PROBLEM DESCRIPTION
Go through the entries below and work out how many lines include "typeface"; give only that number.

ENTRIES SUPPLIED
*** Block opens ***

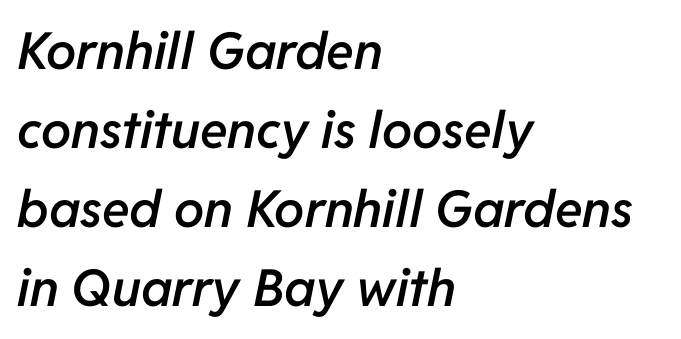
{"italic": "yes", "lean": "right", "slant_degrees": 11, "bold": "semi", "weight": "semibold", "width": "normal", "stroke_contrast": "low", "x_height": "medium", "monospaced": "no", "underline": "no", "align": "left", "line_spacing": "normal", "line_spacing_ratio": 1.55, "letter_spacing": "normal", "letter_spacing_em": 0.0, "glyph_px": 51}
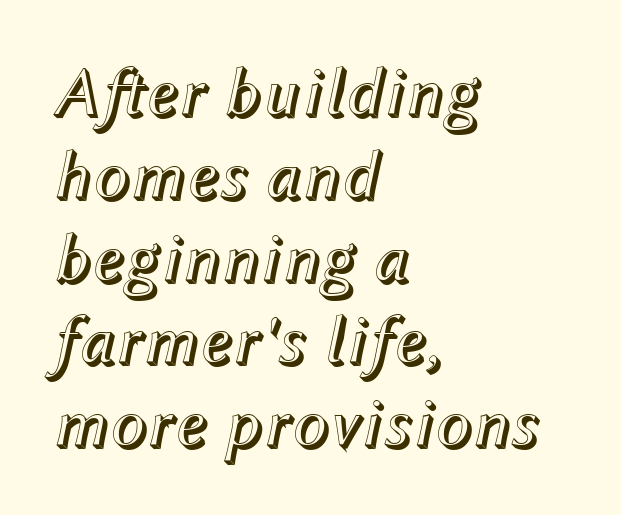
The image shows 69 px text type, italic (leaning right); set left-aligned, line spacing 1.2x, normal letter spacing, not underlined; a medium x-height.
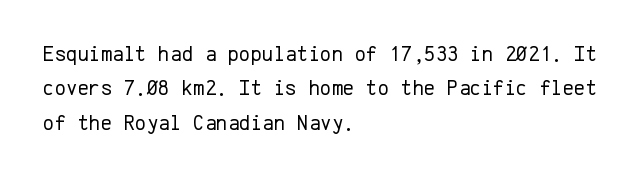
The image shows 22 px text type, upright; set left-aligned, normal line spacing (1.56x), normal letter spacing, not underlined.
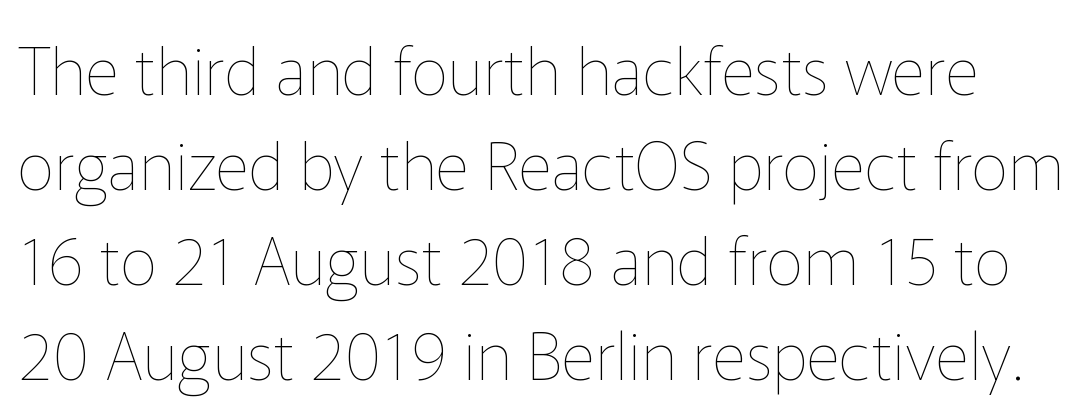
Q: Is the text bold? A: No.
Q: Is the text italic (slanted)? A: No, it is upright.
Q: Is the text underlined? A: No.
Q: Is the spacing between letters normal or unusually wide? A: Normal.
Q: Is the spacing between lines tight, normal or loose? A: Normal.
Q: Width (condensed, normal, or wide)? A: Normal.
Q: Stroke contrast? A: Low.
Q: x-height? A: Medium.
Q: Monospaced? A: No.
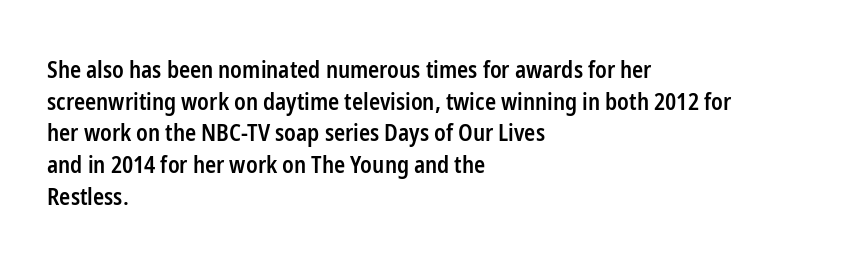
{"italic": "no", "bold": "semi", "underline": "no", "align": "left", "line_spacing": "normal", "line_spacing_ratio": 1.38, "letter_spacing": "normal", "letter_spacing_em": 0.0, "glyph_px": 23}
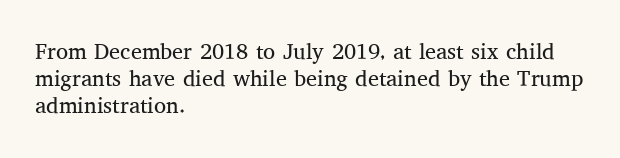
Beneath every word, the page is bare. The lettering holds an erect, upright posture throughout. Caption: face not bold, strokes unweighted. The gaps between neighbouring characters are ordinary and unremarkable.
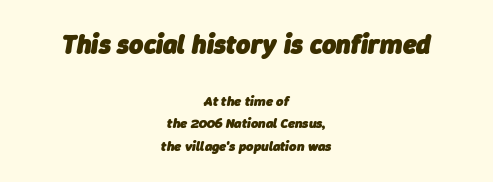
Glyph-to-glyph distance matches everyday printed text. This sample is center-justified, so both line endings float freely. Baseline-to-baseline distance is the conventional proportion of letter height. Clear beneath every line of the passage. This sample uses an oblique cut, with every glyph tilted off the vertical.
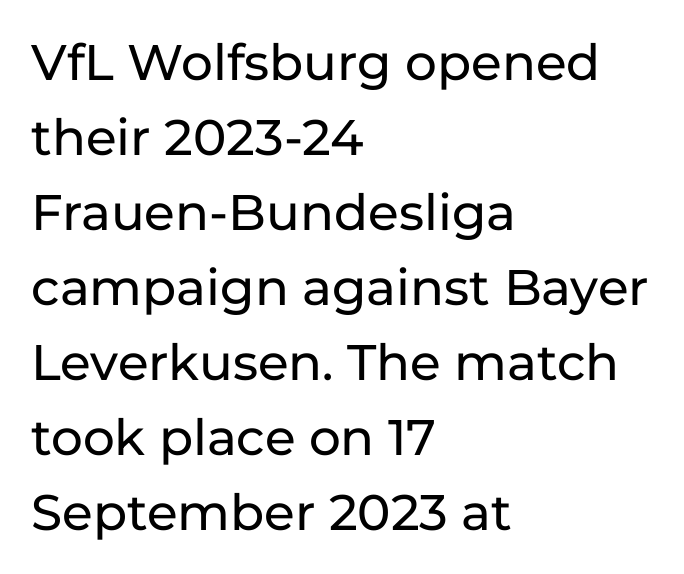
The paragraph has a hard left edge and a soft right edge. These lines are composed in type without serifs. Inter-character spacing is left at the font's built-in metrics. Descenders hang freely into open space.
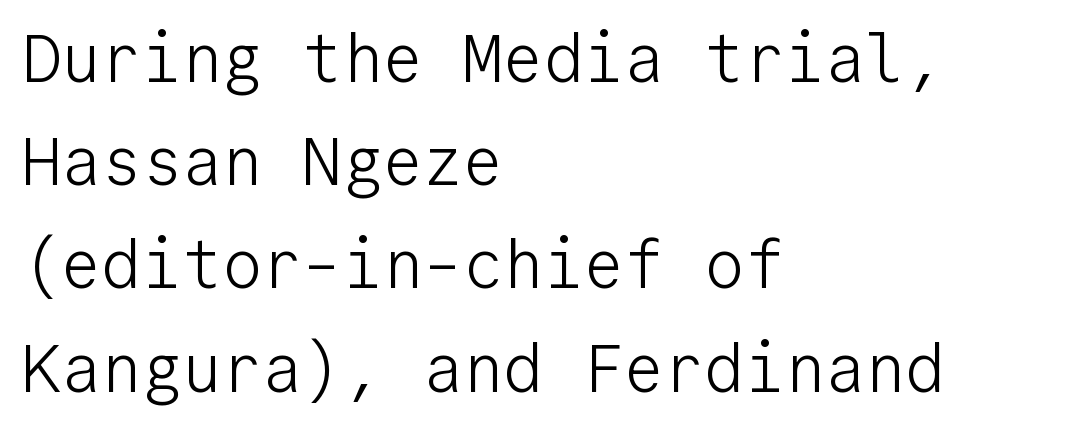
The letterforms sit at book weight or below. What kind of face is this? One without serifs — a sans. Fixed-width glyphs throughout — classic coding-font behaviour. Tracking here is standard; glyphs follow each other at the usual distance. Short and long lines alike share a common starting point at left. Rule under the text: the space is simply empty.
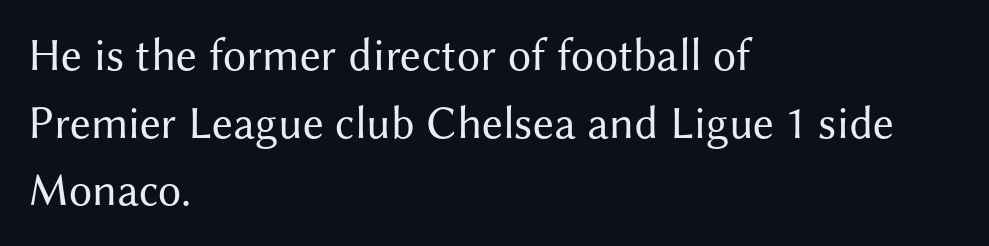
{"serif": "no", "italic": "no", "bold": "no", "weight": "regular", "width": "normal", "stroke_contrast": "medium", "x_height": "medium", "monospaced": "no", "underline": "no", "align": "left", "line_spacing": "normal", "line_spacing_ratio": 1.47, "letter_spacing": "normal", "letter_spacing_em": 0.0, "glyph_px": 46}
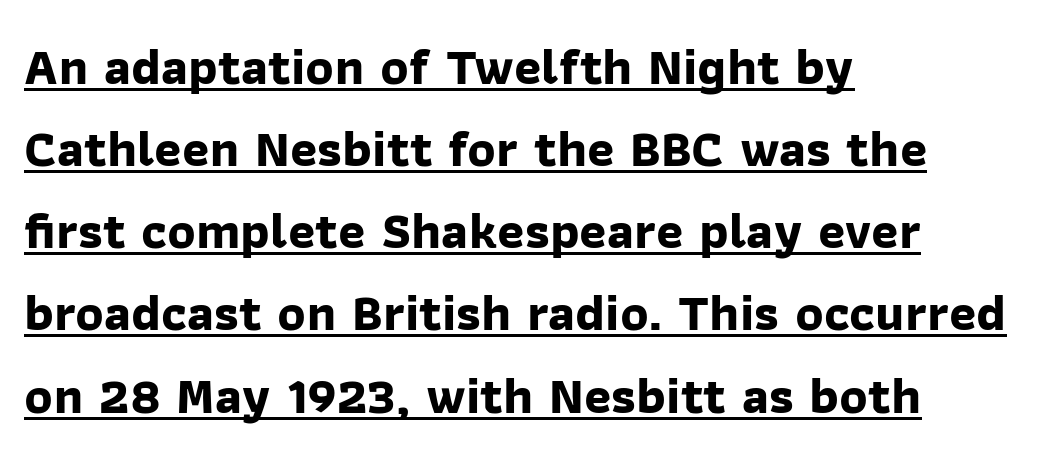
Students, note that the glyphs here touch the page at normal intervals. These lines are set flush left with a ragged right edge. What decoration does the sample have? An underline. The lines sit at an ordinary, default distance from one another. You can tell from the bare stems that sans-serif type was used. The typesetting leans heavy: a genuine bold.
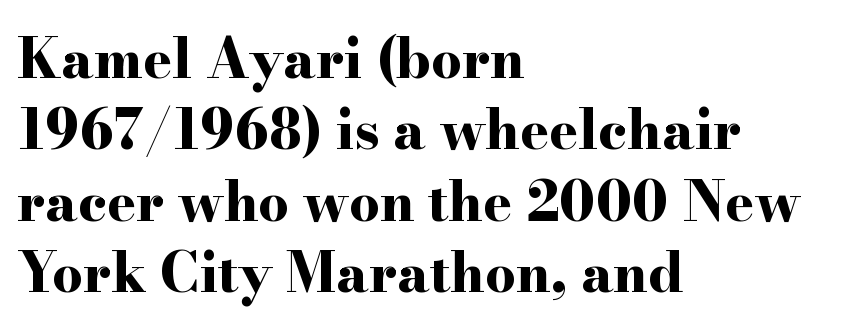
Q: Is the text bold? A: Yes.
Q: Is the text italic (slanted)? A: No, it is upright.
Q: Is the typeface a serif or a sans-serif typeface? A: Serif.
Q: Is the text underlined? A: No.
Q: How is the paragraph aligned? A: Left-aligned.
Q: Is the spacing between letters normal or unusually wide? A: Normal.
Q: Is the spacing between lines tight, normal or loose? A: Normal.
Q: Width (condensed, normal, or wide)? A: Wide.
Q: Stroke contrast? A: High.
Q: x-height? A: Small.
Q: Monospaced? A: No.
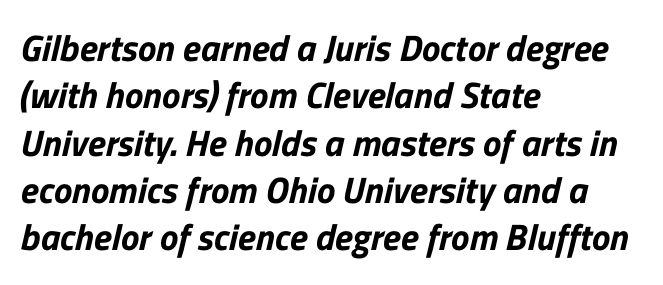
Q: Is the typeface a serif or a sans-serif typeface? A: Sans-serif.
Q: Is the text underlined? A: No.
Q: How is the paragraph aligned? A: Left-aligned.
Q: Is the spacing between letters normal or unusually wide? A: Normal.
Q: Is the spacing between lines tight, normal or loose? A: Normal.
Q: Width (condensed, normal, or wide)? A: Normal.
Q: Stroke contrast? A: Low.
Q: x-height? A: Medium.
Q: Monospaced? A: No.

*** Block closes ***

TASK SOLUTION
2